There are still bugs here and there (which is perfectly understandable), but
it's the most polished KDE experience I ever had. I'm actually wondering if
it's not the most polished linux experience I ever had - except maybe a
vanilla Ubuntu using as much defaults as possible, but I just can't help
moving from defaults after a short while (that's the main interest of
gnu/linux, to me).

EDIT: oh btw, worth mentioning: I'm using the user edition (the LTS one). I
initially used the developer edition, but I found its constant updates
annoying, and things were a bit less stable than the user edition (as one
could expect).

------
123919239
KDE offers the integration that I expect from a desktop. Plasma was way ahead
of others, when it came to management of

* audio, including Bluetooth

* network

* display

Unfortunately, little care is taken on security.

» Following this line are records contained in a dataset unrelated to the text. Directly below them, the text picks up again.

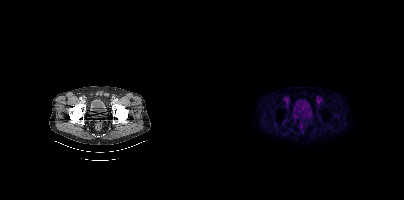
{"pet_grid":[200,200],"coord_frame":"pet_panel","coord_format":"x0,y0,x1,y1","psma_avid_lesions":false,"modality":"PSMA PET/CT","view":"axial","tracer":"18F-PSMA"}
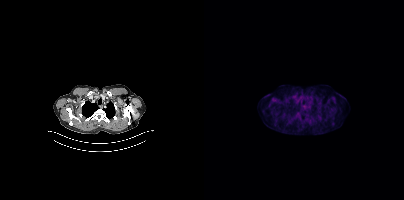
{"pet_grid":[200,200],"coord_frame":"pet_panel","coord_format":"x0,y0,x1,y1","psma_avid_lesions":false,"modality":"PSMA PET/CT","view":"axial","tracer":"[18F]PSMA-1007"}
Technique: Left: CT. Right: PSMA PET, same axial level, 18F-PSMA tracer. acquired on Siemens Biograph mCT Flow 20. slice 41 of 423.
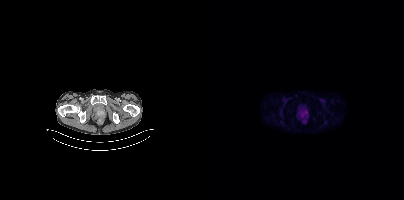
Findings: Coordinates are on the 200×200 PET (right) panel. PSMA-avid tumor lesion bounding box (x0,y0,x1,y1): [98,111,102,115].
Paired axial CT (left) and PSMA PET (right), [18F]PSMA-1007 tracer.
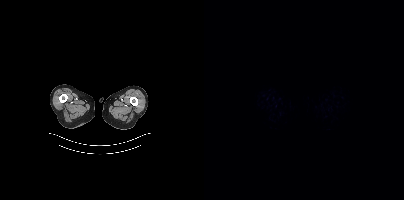
No PSMA-avid tumor lesions on this slice.
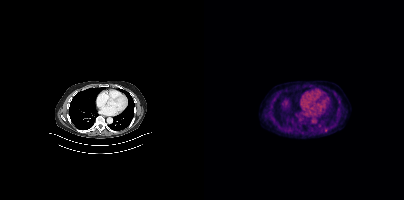
{"modality":"PSMA PET/CT","view":"axial","tracer":"18F-PSMA","pet_grid":[200,200],"coord_frame":"pet_panel","coord_format":"x0,y0,x1,y1","lesion_bboxes":[],"small_foci_centers":[[121,130]]}

KDE Wallet simply offers an API to all your passwords, without any separation.
Users cannot tell which application just accessed the "wallet". Certificate
warnings randomly pop up, asking for "yes" or "no" without any explaination.
Plasma "integration" will ask you for full access to your Google account, but
it is unclear what for. The calendar integration will require separate
authentication -- to the calendar only.

I think Linux desktops were ahead of others, some years ago, but right now I
struggle to recommend it to anyone.

------
partycoder
It mostly covers installation, which has been for the most part the same for a
long time.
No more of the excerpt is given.